■ What you will do
Copy the records below exactly, leaving out any pictures.

—————

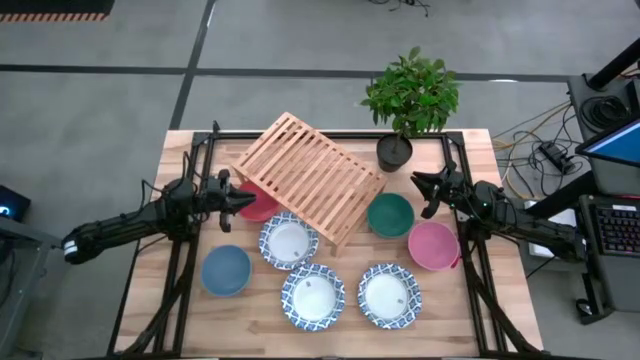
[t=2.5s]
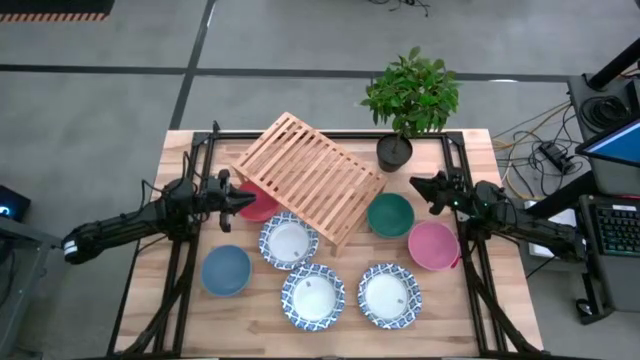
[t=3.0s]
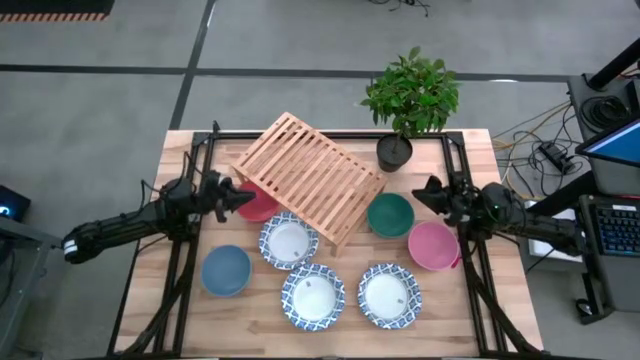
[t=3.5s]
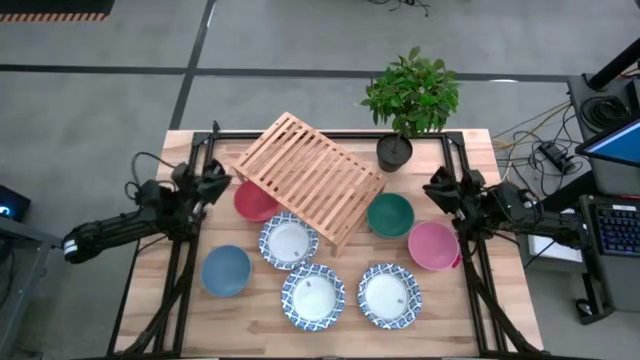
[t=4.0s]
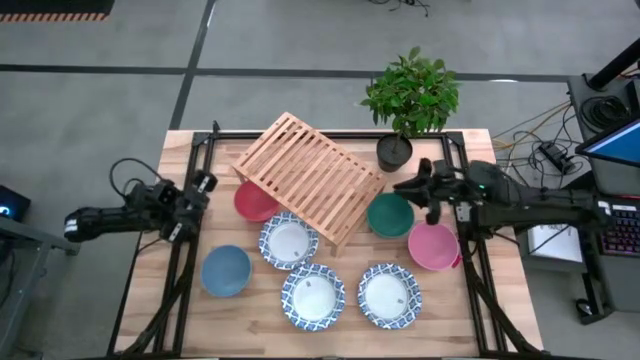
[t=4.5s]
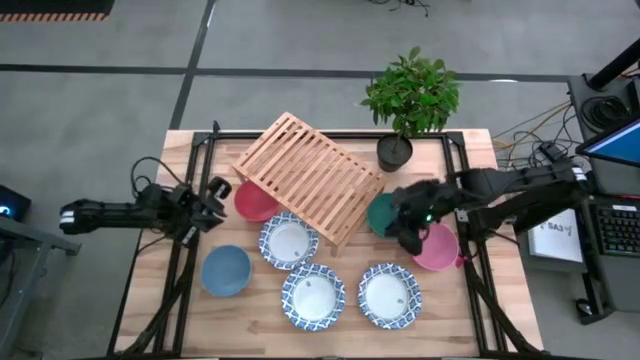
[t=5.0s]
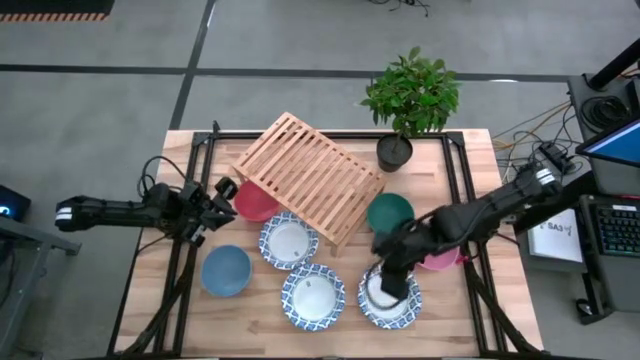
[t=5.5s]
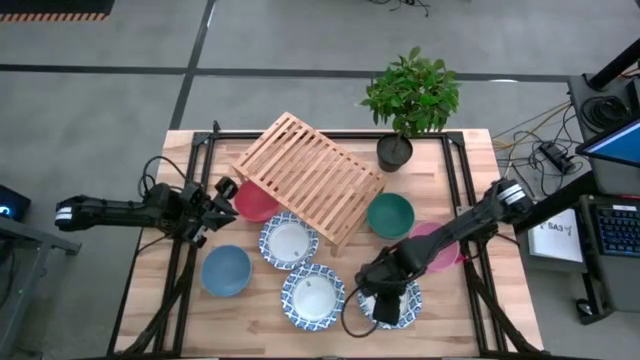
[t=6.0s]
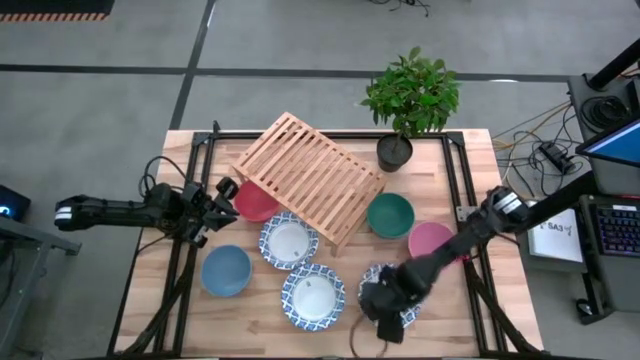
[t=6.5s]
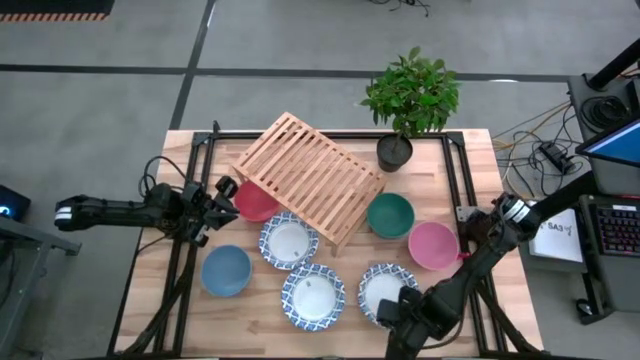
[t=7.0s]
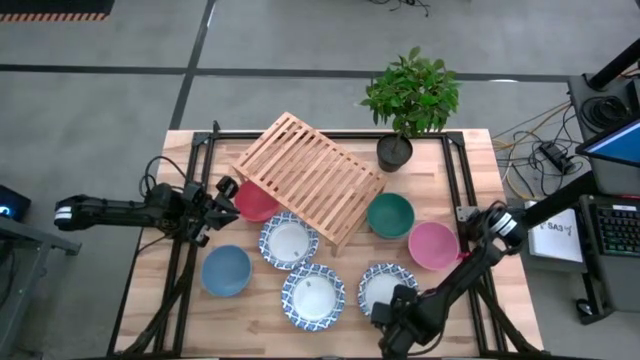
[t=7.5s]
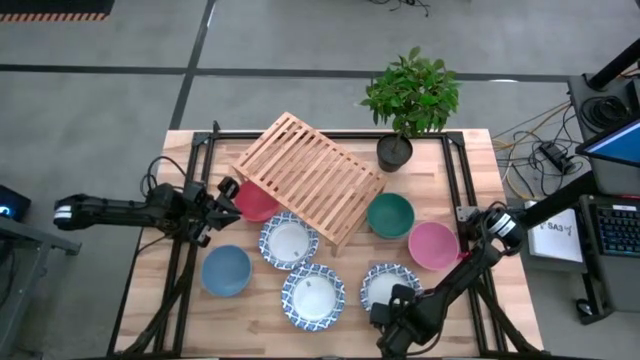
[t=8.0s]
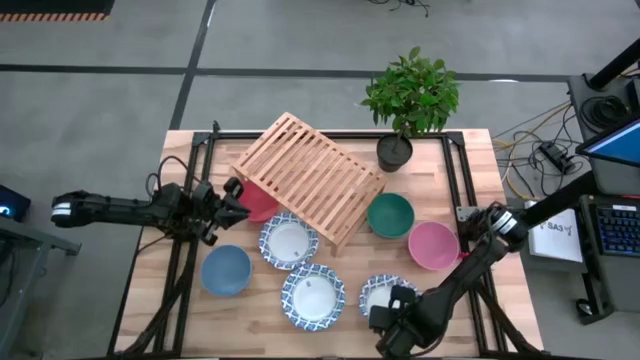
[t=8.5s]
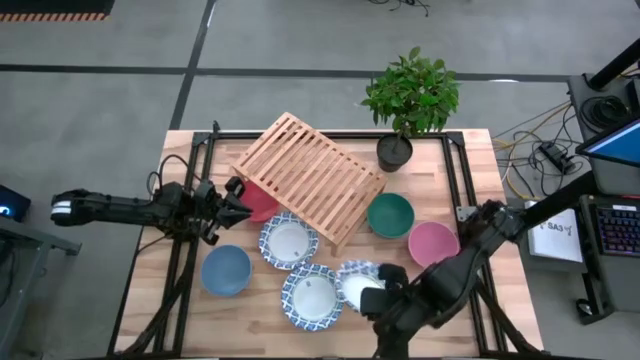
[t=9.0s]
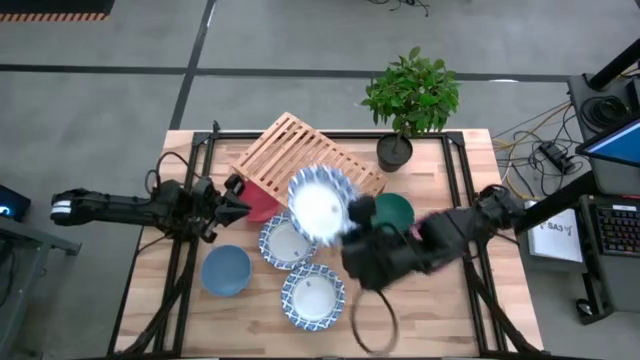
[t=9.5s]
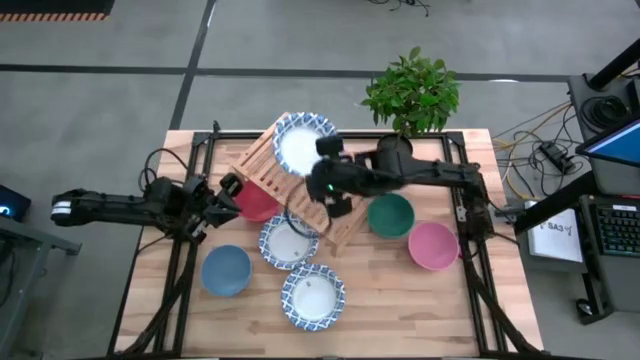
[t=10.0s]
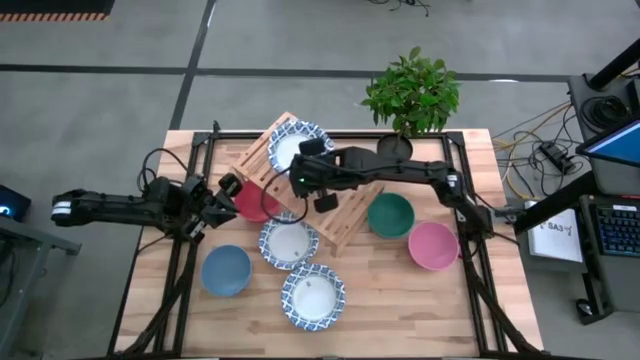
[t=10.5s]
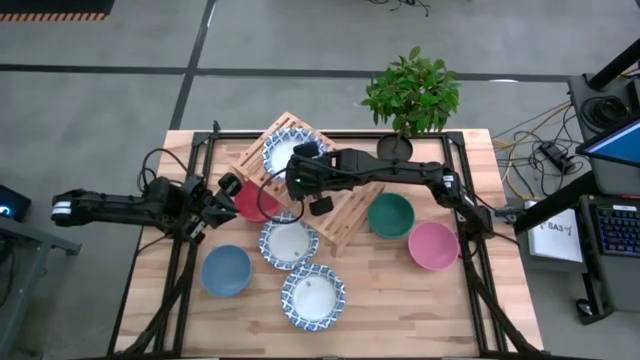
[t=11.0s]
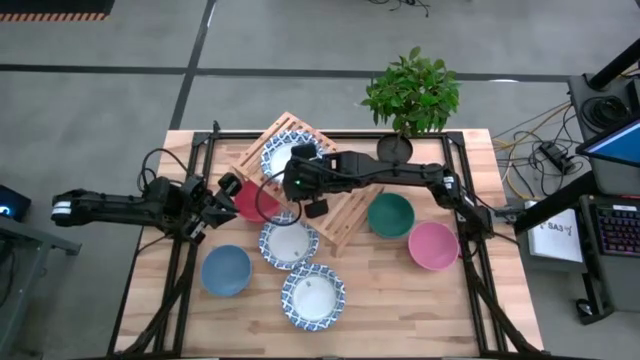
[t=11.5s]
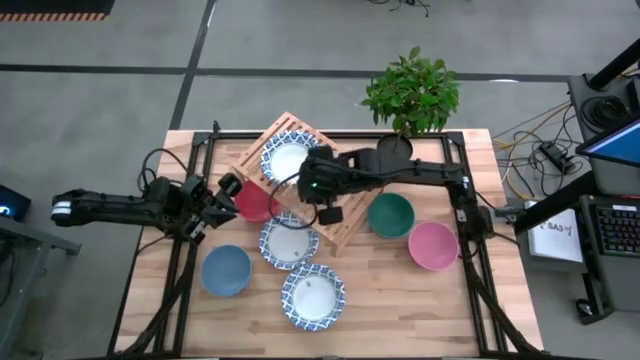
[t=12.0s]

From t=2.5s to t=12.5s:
Task: Place and stack bowls onto a shelf
Put the bottom right white bowl on the shelf

—————

■ Completed exercise
[t=2.5s]
[t=3.0s]
[t=3.5s]
[t=4.0s]
[t=4.5s]
[t=5.0s]
[t=5.5s]
[t=6.0s]
[t=6.5s]
[t=7.0s]
[t=7.5s]
[t=8.0s]
[t=8.5s]
[t=9.0s]
[t=9.5s]
[t=10.0s]
[t=10.5s]
[t=11.0s]
[t=11.5s]
[t=12.0s]

From t=2.5s to t=12.5s:
Task: Place and stack bowls onto a shelf
Put the bottom right white bowl on the shelf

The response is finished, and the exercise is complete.